現在のようなベークトチーズケーキの起源は、中世前期ポーランドのポドハレ地方にあるといわれる。トゥファルクという名の、生乳を軽く発酵して酸味のある真っ白なフレッシュチーズをふんだんに使用したチーズケーキセルニックは、ここの住民でゴラール(ポーランド語でグラル)と呼ばれるスラヴ系の山の民(グラルは文字通り「山の民」の意味)の郷土食であり、ポドハレ地方では現在でも各家庭のお茶菓子として日に数回も食べられている。トゥファルクを使うと酸味があるため、一般に知られるチーズケーキのようにレモン果汁などを加える必要がなく、実際にレモン果汁を加えないのが本来のレシピである。
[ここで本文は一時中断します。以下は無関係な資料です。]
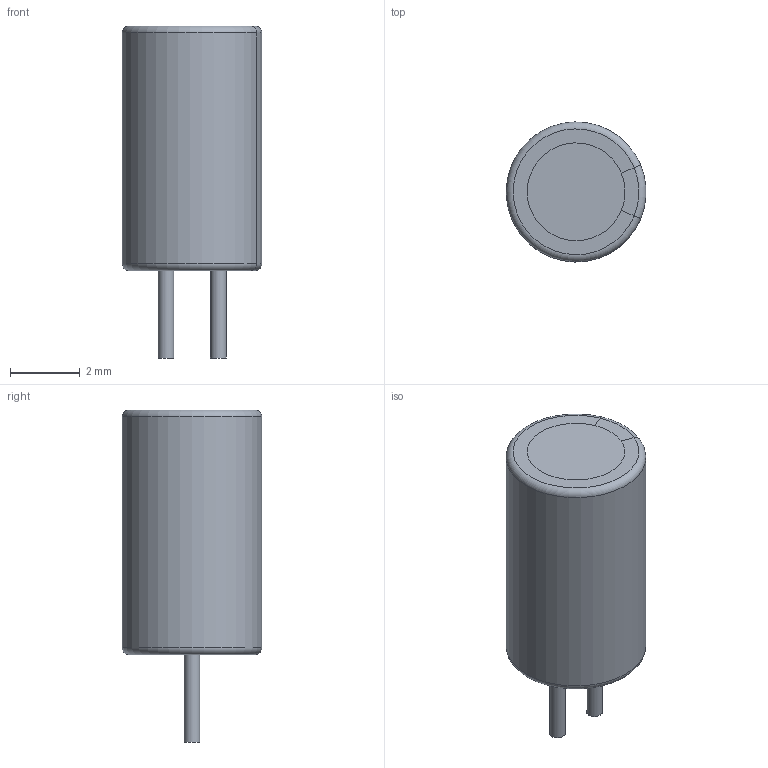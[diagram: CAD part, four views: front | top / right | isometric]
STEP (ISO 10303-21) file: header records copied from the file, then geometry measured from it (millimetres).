
FILE_DESCRIPTION(('FreeCAD Model'),'2;1');
FILE_NAME('Open CASCADE Shape Model','2023-12-26T14:05:04',(''),(''), 'Open CASCADE STEP processor 7.6','FreeCAD','Unknown');
FILE_SCHEMA(('AUTOMOTIVE_DESIGN { 1 0 10303 214 1 1 1 1 }'));
Length unit declared in the file: millimetre
Products named in the file (1): Fusion
Bounding box: 3.99 x 4 x 9.5 mm (x, y, z)
Volume: 88.5 mm3; surface area: 118 mm2
Topology: 1 solids, 1 shells, 16 faces, 28 edges, 16 vertices
Faces by surface type: plane 8, cylinder 4, torus 4
Full cylindrical faces by diameter (mm): 0.45 x2
Entity records: 1486 total; most frequent: CARTESIAN_POINT 1064, DIRECTION 78, ORIENTED_EDGE 56, AXIS2_PLACEMENT_3D 35, EDGE_CURVE 28, FACE_BOUND 18, EDGE_LOOP 18, CIRCLE 18

数世紀のちに、チーズケーキは、ポーランドからの移民(とくにポドハレ地方の近くの大都市クラクフからのユダヤ人)が持ち込んだレシピを元に、アメリカに出現する。1872年には、フランスのチーズ、ヌーシャテルを再現しようとしていた牛乳屋が、クリームチーズを新たに開発した。
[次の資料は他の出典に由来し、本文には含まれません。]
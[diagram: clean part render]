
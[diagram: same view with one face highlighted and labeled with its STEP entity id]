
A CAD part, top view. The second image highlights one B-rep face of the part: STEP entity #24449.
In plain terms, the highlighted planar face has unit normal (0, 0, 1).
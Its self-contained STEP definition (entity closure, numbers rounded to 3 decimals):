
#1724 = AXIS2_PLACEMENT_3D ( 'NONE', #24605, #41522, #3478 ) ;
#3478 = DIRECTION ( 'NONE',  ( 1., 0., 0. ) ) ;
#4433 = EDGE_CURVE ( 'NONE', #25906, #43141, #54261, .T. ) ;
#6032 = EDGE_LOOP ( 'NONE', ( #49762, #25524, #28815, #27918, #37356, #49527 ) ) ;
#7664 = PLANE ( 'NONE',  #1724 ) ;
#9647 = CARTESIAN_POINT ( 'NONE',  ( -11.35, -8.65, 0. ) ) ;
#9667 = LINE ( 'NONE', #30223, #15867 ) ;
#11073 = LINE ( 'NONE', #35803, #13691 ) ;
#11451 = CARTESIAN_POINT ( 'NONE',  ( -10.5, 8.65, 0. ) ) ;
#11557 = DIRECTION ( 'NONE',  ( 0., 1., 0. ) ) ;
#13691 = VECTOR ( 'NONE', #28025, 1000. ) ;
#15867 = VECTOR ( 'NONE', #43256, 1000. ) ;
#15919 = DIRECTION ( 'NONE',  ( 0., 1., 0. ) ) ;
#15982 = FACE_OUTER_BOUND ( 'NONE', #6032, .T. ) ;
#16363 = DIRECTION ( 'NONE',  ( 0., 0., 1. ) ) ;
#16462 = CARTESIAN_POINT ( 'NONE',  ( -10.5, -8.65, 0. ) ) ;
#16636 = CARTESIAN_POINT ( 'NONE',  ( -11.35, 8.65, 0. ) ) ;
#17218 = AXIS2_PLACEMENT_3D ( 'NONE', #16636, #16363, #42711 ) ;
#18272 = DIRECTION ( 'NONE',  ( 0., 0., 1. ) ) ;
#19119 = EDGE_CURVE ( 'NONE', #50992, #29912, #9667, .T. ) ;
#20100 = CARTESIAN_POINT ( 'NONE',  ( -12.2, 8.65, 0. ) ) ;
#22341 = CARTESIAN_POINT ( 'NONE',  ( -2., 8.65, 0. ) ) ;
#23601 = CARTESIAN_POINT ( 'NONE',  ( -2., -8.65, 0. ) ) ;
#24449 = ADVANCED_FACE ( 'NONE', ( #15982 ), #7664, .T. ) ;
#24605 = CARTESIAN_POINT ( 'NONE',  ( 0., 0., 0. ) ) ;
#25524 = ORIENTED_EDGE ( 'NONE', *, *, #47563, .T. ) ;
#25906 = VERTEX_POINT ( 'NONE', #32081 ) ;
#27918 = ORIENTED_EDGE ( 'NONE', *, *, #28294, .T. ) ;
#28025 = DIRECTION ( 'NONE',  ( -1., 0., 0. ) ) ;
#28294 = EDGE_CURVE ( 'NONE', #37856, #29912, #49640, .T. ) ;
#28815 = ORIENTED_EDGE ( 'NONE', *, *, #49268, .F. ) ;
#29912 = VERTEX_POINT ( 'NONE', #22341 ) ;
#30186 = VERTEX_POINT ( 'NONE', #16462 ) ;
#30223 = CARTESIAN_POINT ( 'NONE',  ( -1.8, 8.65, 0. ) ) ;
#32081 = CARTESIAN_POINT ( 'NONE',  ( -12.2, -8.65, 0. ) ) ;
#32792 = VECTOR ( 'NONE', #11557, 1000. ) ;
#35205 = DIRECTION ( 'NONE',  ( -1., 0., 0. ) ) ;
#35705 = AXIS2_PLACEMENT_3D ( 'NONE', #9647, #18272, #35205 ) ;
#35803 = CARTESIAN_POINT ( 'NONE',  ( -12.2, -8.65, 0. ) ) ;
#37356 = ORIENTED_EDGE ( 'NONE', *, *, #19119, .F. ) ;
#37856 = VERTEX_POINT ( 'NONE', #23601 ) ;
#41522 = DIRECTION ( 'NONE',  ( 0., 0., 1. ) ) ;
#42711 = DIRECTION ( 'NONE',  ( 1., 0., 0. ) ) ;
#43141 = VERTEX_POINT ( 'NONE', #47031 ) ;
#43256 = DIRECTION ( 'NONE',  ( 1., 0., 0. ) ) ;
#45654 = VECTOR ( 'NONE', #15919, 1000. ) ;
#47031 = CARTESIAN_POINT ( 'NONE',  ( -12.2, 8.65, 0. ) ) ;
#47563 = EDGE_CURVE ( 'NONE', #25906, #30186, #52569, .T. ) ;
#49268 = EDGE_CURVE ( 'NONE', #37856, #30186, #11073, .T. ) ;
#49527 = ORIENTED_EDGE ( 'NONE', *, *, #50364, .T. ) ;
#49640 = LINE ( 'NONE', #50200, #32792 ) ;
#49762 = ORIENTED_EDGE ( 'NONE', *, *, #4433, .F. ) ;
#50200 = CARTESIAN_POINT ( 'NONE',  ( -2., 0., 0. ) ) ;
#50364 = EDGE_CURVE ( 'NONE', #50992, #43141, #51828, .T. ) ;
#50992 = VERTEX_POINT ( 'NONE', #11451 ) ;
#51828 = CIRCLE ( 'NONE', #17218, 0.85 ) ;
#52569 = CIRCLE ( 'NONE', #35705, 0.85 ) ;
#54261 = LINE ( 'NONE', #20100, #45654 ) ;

チーズケーキという言い方は現在、チーズケーキ風味の他のデザートを表す時にも使用される。チーズケーキヨーグルト、チーズケーキアイスクリーム、チーズケーキブラウニー、チーズケーキクッキーなどがその一例である。
また、チーズケーキは英語において、セックスシンボルである女性を表す時にも用いられる。グラビアに写っている女性にまつわる話題であれば、特にその用例が見られる。[1]
近年では、ベイクドチーズケーキやレアチーズケーキを中心にスティック状にしたものが販売されている[2]。